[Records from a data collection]

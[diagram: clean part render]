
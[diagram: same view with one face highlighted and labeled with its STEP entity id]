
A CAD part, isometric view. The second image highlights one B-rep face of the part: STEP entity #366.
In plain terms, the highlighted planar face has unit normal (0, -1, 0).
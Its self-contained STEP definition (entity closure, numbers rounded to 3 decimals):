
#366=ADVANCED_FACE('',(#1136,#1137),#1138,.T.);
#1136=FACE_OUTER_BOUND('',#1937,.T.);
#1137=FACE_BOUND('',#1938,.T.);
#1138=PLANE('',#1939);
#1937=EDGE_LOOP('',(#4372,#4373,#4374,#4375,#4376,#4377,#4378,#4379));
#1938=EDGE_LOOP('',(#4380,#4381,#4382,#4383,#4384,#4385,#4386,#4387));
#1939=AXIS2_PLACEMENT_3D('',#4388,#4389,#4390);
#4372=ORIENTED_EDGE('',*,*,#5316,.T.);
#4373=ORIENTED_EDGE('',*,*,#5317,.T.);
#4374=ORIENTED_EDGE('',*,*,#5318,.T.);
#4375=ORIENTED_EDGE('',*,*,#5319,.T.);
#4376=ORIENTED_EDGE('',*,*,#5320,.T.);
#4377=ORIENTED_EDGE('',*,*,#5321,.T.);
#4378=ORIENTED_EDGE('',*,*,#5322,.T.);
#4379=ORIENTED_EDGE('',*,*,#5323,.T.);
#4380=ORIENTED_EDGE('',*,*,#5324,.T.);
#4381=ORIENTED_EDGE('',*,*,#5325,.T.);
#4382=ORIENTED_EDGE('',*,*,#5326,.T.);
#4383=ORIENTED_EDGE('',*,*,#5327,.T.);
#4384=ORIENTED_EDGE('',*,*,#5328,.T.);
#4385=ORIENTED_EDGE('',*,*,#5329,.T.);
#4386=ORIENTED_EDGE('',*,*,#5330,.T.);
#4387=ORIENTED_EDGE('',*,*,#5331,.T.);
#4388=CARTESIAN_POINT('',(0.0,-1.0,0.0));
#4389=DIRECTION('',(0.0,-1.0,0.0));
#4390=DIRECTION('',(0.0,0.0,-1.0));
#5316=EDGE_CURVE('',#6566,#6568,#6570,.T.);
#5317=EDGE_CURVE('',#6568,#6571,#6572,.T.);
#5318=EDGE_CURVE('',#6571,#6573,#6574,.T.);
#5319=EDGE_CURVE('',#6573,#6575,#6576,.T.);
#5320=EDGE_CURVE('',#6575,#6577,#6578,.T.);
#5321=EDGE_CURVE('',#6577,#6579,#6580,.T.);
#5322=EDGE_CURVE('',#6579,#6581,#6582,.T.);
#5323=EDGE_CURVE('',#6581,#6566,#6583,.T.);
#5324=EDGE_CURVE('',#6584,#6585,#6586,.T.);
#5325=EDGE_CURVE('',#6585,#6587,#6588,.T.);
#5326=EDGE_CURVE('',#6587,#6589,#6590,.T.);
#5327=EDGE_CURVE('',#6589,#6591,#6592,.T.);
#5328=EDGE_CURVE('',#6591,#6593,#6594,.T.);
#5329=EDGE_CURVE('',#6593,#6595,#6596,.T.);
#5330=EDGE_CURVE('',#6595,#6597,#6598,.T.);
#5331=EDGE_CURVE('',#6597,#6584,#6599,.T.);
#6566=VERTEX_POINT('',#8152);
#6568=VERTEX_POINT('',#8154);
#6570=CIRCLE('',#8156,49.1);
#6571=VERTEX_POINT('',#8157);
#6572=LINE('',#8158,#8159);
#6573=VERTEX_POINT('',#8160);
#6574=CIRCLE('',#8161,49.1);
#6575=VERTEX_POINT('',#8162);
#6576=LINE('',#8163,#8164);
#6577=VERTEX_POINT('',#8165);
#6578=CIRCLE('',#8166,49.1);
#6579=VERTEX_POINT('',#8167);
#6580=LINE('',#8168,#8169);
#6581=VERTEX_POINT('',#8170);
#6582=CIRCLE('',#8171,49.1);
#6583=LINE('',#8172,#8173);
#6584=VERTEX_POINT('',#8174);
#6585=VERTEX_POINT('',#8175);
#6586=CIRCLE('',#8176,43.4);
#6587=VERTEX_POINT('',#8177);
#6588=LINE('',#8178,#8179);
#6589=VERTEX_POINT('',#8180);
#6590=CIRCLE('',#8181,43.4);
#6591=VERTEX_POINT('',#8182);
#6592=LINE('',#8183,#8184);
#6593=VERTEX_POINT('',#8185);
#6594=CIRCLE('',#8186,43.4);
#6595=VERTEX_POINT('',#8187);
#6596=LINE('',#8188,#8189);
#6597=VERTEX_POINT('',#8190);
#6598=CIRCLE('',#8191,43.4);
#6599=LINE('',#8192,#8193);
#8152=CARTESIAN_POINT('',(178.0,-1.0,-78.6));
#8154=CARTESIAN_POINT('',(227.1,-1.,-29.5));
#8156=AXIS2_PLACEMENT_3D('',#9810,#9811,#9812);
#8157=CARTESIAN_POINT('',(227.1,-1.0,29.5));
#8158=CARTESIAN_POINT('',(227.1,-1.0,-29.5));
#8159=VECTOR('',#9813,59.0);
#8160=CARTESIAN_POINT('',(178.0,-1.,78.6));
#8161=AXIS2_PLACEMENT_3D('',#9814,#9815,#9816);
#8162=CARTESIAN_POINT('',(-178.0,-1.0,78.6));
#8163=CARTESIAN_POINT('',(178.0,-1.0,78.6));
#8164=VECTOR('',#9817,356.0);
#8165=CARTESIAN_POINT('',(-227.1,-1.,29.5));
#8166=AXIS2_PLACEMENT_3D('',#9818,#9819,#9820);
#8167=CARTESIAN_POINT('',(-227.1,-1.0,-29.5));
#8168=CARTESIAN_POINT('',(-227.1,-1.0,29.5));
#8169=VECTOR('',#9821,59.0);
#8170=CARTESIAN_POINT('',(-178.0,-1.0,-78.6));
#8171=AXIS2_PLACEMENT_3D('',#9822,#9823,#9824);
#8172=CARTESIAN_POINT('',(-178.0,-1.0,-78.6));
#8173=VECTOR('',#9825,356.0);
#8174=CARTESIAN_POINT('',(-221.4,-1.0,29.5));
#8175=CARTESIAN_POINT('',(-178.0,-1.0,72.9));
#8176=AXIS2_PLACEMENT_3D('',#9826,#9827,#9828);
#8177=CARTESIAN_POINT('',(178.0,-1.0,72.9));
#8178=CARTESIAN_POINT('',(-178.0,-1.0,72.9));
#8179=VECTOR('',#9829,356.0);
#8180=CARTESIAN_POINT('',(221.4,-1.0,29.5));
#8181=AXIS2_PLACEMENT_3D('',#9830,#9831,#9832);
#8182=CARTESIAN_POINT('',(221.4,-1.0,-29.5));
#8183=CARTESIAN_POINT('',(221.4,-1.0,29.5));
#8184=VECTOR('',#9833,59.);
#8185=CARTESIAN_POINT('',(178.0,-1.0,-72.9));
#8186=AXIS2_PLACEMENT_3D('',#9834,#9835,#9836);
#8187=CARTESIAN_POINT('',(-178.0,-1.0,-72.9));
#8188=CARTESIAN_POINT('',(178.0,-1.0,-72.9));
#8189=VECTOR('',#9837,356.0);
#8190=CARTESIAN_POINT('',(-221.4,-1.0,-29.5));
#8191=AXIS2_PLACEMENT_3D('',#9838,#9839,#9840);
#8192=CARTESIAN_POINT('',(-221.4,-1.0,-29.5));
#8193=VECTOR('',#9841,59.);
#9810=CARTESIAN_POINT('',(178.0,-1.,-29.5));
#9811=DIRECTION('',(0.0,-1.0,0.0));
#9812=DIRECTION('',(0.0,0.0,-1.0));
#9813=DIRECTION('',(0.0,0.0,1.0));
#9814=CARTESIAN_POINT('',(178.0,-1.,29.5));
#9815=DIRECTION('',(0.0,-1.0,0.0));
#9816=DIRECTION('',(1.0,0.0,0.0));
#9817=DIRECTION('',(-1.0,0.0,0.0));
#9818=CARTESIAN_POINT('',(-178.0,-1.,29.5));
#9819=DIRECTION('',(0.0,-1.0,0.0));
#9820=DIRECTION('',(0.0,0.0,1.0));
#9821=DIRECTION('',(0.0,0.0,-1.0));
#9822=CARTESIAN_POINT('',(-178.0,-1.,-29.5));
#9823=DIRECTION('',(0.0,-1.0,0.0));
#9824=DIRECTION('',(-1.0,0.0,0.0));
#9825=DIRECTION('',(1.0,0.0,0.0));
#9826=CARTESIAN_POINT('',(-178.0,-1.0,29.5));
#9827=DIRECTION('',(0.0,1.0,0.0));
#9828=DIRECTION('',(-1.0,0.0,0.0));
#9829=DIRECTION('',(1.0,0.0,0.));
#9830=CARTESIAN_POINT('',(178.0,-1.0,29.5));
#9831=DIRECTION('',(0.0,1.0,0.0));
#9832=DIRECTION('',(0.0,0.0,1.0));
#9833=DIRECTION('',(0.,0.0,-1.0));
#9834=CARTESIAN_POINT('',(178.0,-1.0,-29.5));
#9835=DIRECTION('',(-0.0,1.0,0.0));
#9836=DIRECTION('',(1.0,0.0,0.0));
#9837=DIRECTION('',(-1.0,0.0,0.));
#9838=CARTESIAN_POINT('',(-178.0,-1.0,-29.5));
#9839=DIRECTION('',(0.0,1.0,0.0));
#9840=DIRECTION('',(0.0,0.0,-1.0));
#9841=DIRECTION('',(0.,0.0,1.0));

# Goal of the exercise
Copy every line of the records above, starting with the first, up to and including the line containing "#366=ADVANCED_FACE('',(#1136,#1137),#1138,.T.);".

# Exercise output
[diagram: clean part render]
[diagram: same view with one face highlighted and labeled with its STEP entity id]
A CAD part, isometric view. The second image highlights one B-rep face of the part: STEP entity #366.
In plain terms, the highlighted planar face has unit normal (0, -1, 0).
Its self-contained STEP definition (entity closure, numbers rounded to 3 decimals):
#366=ADVANCED_FACE('',(#1136,#1137),#1138,.T.);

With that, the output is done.